Il n’est pas question ici d’ingérence – d’autant plus que les Haïtiens n’en veulent pas. Mais l’on sait déjà que, sans réelle volonté des États partenaires d’accompagner le pays vers la stabilité politique, institutionnelle et sociale, la mission politique de l’ONU en Haïti ne sera qu’un coup d’épée dans l’eau. Nous avons les moyens de cette volonté. De surcroît, l’histoire est têtue et les destins croisés de la France et d’Haïti nous obligent.
La parole est à Mme la secrétaire d’État chargée des affaires européennes. Comme vous l’avez rappelé, Haïti est entré manifestement depuis le mois de septembre dans une crise économique, sociale et politique. L’ensemble des manifestations appellent à la démission du président Jovenel Moïse. La plus faible mobilisation du dimanche 10 novembre laisse entrevoir un répit, après les deux mois de troubles particulièrement violents que vous avez rappelé : quarante-deux personnes ont perdu la vie selon l’ONU, dont dix-neuf tuées par les forces de l’ordre. La difficulté essentielle tient à l’absence du Gouvernement investi par le Parlement : la situation est de ce fait totalement bloquée et l’activité économique paralysée.
Dans l’immédiat, la position française est claire : il convient d’abord d’assurer la sécurité de nos compatriotes en Haïti, où la communauté française compte 1 900 inscrits. Il faut ensuite éviter une nouvelle crise humanitaire. On estime qu’en 2020, 4 millions de personnes se trouveront en insécurité alimentaire ; 2 millions d’enfants ne sont quant à eux plus scolarisé. Nous fournissons donc une aide alimentaire d’urgence et travaillons avec l’Union européenne pour nous tenir prêts à lancer une action concrète sur le terrain en cas de dégradation de la situation.

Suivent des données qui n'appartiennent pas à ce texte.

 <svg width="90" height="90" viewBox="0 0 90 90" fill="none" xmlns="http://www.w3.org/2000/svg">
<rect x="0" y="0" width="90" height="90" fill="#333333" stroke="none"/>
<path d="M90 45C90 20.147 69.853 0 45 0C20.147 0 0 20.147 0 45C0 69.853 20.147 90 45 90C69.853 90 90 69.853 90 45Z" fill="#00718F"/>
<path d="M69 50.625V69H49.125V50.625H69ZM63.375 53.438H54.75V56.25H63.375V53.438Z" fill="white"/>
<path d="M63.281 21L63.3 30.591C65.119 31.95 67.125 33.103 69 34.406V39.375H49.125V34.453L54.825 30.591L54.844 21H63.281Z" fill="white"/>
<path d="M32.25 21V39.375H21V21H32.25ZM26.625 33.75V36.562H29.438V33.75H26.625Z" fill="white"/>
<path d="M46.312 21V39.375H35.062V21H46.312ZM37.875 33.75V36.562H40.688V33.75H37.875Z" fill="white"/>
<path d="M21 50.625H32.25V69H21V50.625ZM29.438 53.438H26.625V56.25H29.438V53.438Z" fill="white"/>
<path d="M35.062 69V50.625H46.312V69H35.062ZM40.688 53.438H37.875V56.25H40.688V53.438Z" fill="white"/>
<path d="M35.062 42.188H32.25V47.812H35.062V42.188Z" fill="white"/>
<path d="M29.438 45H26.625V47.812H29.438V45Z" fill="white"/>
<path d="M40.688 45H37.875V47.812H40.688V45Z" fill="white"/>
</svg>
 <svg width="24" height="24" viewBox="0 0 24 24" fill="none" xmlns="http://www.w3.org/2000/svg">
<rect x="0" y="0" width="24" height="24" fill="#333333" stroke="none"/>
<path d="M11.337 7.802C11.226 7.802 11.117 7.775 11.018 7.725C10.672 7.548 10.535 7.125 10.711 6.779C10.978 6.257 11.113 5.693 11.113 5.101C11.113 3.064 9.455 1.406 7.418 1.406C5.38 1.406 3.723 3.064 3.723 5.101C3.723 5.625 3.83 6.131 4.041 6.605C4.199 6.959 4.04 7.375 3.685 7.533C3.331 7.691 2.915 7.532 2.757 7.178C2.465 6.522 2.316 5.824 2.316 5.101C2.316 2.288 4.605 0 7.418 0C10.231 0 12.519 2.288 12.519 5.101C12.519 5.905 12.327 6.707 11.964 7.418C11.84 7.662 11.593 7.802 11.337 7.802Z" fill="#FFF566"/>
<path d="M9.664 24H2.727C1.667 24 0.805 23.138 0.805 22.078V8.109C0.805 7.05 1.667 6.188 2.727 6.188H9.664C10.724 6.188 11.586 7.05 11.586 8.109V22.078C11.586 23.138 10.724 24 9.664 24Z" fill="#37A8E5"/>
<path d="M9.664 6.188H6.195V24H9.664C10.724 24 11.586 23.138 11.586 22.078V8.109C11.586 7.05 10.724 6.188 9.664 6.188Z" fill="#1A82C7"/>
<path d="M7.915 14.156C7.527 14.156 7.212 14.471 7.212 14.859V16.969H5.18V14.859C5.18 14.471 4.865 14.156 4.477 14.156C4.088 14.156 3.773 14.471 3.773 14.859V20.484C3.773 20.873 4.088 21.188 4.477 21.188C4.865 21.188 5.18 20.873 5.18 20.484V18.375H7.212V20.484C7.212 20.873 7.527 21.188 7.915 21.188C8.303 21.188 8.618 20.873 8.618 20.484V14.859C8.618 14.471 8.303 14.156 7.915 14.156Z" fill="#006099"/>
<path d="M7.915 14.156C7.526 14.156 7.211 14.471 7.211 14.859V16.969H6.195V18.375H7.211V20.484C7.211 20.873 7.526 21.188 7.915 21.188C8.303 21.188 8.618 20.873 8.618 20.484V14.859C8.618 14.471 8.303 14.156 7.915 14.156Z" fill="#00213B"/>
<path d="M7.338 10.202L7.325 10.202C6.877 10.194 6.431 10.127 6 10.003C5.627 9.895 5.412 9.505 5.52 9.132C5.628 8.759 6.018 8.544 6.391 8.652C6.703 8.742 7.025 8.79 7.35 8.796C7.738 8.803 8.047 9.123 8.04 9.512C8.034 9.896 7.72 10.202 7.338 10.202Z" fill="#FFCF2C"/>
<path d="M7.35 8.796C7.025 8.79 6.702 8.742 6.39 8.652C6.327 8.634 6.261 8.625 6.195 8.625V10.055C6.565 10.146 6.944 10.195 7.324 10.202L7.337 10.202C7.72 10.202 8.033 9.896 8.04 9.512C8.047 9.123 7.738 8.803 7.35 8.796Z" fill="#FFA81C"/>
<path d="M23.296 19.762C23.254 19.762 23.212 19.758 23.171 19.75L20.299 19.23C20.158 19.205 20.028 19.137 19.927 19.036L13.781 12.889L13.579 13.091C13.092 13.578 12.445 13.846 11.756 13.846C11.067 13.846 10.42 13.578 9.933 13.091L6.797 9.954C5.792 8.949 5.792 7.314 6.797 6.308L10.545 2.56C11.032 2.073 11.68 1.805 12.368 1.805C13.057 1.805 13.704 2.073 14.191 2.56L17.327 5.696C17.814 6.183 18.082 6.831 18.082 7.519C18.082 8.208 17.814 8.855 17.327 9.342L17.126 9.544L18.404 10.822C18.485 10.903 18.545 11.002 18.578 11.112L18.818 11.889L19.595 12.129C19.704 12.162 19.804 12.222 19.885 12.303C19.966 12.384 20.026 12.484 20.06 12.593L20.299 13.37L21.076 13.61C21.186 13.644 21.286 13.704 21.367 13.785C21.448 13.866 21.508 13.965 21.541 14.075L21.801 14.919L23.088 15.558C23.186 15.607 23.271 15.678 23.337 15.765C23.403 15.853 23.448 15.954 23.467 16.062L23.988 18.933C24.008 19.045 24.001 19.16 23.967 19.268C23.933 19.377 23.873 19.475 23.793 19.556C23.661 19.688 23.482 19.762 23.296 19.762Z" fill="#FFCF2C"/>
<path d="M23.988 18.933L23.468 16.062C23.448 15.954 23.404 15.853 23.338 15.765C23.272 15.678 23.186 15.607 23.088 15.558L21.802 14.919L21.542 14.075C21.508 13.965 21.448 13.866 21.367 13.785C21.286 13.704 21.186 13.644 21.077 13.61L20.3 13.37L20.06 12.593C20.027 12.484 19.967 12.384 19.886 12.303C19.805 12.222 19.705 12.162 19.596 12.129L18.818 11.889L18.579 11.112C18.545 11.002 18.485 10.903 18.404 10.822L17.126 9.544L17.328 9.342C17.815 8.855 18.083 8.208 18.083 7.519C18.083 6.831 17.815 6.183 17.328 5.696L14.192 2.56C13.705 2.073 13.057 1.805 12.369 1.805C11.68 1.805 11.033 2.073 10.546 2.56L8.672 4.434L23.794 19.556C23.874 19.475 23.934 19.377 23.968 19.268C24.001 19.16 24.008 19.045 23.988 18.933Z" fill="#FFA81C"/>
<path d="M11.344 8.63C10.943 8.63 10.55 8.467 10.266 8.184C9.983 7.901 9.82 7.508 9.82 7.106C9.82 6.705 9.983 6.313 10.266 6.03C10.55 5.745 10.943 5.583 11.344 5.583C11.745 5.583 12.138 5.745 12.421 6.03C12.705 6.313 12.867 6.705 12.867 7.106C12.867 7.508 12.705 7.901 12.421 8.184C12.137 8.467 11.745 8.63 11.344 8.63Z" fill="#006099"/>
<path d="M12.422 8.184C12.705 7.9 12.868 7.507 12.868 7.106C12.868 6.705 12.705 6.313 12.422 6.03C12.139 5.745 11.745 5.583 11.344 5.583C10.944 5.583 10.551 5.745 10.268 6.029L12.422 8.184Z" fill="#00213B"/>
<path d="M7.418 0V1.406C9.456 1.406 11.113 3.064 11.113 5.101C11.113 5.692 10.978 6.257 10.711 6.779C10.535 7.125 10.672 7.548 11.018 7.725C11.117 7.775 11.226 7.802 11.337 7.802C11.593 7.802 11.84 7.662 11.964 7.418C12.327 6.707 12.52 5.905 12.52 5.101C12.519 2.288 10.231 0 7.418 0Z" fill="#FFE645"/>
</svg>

Notre priorité reste néanmoins le soutien à la reprise d’un dialogue réunissant l’ensemble des forces d’opposition et l’ensemble de la société civile. Nous avons signalé, je le répète devant vous, que nous sommes prêts à soutenir ce dialogue, en lien avec l’Union européenne et avec l’Organisation internationale de la francophonie. Nous estimons en effet que ce dialogue constitue la seule réponse possible à l’urgence sociale et la seule voie de sortie de la crise politique actuelle. La France ne veut pas d’une nouvelle situation chaotique en Haïti, dont les Haïtiens les plus vulnérables sont les premières victimes. C’est au président Haïtien de se montrer à la hauteur des circonstances de façon à éviter cette crise et à engager au plus vite le dialogue national dont le pays a plus que jamais besoin.
(Applaudissements sur les bancs du groupe LaREM.)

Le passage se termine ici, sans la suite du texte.